Data entries
+--

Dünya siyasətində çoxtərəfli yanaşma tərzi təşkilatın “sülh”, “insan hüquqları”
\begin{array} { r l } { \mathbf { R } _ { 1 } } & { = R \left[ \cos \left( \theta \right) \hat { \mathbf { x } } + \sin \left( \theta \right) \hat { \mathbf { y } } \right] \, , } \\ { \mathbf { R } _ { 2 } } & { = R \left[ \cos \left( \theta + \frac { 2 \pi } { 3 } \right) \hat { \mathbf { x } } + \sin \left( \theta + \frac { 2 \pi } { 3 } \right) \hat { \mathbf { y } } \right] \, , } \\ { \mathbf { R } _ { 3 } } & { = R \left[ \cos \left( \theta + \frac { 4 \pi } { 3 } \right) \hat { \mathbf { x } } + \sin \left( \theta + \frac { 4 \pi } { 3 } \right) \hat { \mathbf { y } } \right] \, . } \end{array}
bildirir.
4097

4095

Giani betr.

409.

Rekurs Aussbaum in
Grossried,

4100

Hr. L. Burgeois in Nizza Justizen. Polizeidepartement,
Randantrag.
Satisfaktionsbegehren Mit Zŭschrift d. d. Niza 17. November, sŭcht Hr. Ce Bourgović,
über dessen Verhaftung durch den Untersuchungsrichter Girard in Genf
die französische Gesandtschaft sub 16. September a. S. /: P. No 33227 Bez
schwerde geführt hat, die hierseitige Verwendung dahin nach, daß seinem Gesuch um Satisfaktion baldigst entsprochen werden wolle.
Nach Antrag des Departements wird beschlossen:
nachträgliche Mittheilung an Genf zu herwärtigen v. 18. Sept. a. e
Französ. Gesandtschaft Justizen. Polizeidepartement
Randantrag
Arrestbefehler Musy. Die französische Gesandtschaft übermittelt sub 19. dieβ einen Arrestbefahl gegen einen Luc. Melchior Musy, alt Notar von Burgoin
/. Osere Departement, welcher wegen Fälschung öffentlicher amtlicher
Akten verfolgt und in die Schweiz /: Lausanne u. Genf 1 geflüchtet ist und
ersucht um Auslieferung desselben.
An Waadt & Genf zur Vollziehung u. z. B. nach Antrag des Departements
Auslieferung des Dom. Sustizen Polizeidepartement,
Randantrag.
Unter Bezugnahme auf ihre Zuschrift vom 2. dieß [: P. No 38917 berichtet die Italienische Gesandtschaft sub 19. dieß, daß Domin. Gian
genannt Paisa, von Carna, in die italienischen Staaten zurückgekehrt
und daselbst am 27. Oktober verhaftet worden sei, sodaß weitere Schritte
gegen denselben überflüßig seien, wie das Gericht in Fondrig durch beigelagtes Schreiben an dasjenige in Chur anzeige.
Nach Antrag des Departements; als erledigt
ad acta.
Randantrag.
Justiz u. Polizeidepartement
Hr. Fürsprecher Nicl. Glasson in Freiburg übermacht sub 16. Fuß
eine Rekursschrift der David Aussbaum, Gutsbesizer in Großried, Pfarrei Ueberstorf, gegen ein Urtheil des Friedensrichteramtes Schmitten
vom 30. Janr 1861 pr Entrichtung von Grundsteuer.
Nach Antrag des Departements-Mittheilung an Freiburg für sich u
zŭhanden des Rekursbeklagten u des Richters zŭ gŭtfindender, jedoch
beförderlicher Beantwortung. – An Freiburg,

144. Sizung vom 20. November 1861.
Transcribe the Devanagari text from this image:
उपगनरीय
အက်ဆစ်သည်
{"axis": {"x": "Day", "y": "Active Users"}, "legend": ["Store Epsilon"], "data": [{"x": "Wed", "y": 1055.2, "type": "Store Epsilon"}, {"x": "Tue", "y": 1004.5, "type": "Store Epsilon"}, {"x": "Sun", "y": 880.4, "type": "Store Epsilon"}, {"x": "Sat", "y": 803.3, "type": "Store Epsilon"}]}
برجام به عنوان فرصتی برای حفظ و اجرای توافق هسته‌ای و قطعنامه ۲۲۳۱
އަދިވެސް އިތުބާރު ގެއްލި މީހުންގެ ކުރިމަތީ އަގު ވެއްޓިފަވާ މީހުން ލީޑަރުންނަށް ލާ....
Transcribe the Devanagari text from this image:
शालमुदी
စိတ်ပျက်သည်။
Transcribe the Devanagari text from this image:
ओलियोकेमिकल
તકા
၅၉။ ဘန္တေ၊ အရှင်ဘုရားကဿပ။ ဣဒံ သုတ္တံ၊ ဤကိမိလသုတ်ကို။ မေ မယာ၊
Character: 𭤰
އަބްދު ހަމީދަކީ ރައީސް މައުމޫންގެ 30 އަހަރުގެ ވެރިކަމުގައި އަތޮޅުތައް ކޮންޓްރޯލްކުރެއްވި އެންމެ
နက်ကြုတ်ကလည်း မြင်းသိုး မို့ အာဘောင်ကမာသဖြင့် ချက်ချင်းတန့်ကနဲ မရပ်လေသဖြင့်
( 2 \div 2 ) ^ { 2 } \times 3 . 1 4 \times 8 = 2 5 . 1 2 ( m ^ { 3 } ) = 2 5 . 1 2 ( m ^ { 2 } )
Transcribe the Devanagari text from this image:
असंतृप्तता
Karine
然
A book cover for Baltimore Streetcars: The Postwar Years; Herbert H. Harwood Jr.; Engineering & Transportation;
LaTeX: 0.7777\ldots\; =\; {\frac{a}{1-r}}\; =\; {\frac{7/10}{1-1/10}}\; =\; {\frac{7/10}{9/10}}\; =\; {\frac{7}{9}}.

+--

How to complete this task:
Your answer should consist only of the lines from the one that holds "Hr. Fürsprecher Nicl." to the end of the entries above, both ends included, each repeated exactly.

Reply:
Hr. Fürsprecher Nicl. Glasson in Freiburg übermacht sub 16. Fuß
eine Rekursschrift der David Aussbaum, Gutsbesizer in Großried, Pfarrei Ueberstorf, gegen ein Urtheil des Friedensrichteramtes Schmitten
vom 30. Janr 1861 pr Entrichtung von Grundsteuer.
Nach Antrag des Departements-Mittheilung an Freiburg für sich u
zŭhanden des Rekursbeklagten u des Richters zŭ gŭtfindender, jedoch
beförderlicher Beantwortung. – An Freiburg,

144. Sizung vom 20. November 1861.
Transcribe the Devanagari text from this image:
उपगनरीय
အက်ဆစ်သည်
{"axis": {"x": "Day", "y": "Active Users"}, "legend": ["Store Epsilon"], "data": [{"x": "Wed", "y": 1055.2, "type": "Store Epsilon"}, {"x": "Tue", "y": 1004.5, "type": "Store Epsilon"}, {"x": "Sun", "y": 880.4, "type": "Store Epsilon"}, {"x": "Sat", "y": 803.3, "type": "Store Epsilon"}]}
برجام به عنوان فرصتی برای حفظ و اجرای توافق هسته‌ای و قطعنامه ۲۲۳۱
އަދިވެސް އިތުބާރު ގެއްލި މީހުންގެ ކުރިމަތީ އަގު ވެއްޓިފަވާ މީހުން ލީޑަރުންނަށް ލާ....
Transcribe the Devanagari text from this image:
शालमुदी
စိတ်ပျက်သည်။
Transcribe the Devanagari text from this image:
ओलियोकेमिकल
તકા
၅၉။ ဘန္တေ၊ အရှင်ဘုရားကဿပ။ ဣဒံ သုတ္တံ၊ ဤကိမိလသုတ်ကို။ မေ မယာ၊
Character: 𭤰
އަބްދު ހަމީދަކީ ރައީސް މައުމޫންގެ 30 އަހަރުގެ ވެރިކަމުގައި އަތޮޅުތައް ކޮންޓްރޯލްކުރެއްވި އެންމެ
နက်ကြုတ်ကလည်း မြင်းသိုး မို့ အာဘောင်ကမာသဖြင့် ချက်ချင်းတန့်ကနဲ မရပ်လေသဖြင့်
( 2 \div 2 ) ^ { 2 } \times 3 . 1 4 \times 8 = 2 5 . 1 2 ( m ^ { 3 } ) = 2 5 . 1 2 ( m ^ { 2 } )
Transcribe the Devanagari text from this image:
असंतृप्तता
Karine
然
A book cover for Baltimore Streetcars: The Postwar Years; Herbert H. Harwood Jr.; Engineering & Transportation;
LaTeX: 0.7777\ldots\; =\; {\frac{a}{1-r}}\; =\; {\frac{7/10}{1-1/10}}\; =\; {\frac{7/10}{9/10}}\; =\; {\frac{7}{9}}.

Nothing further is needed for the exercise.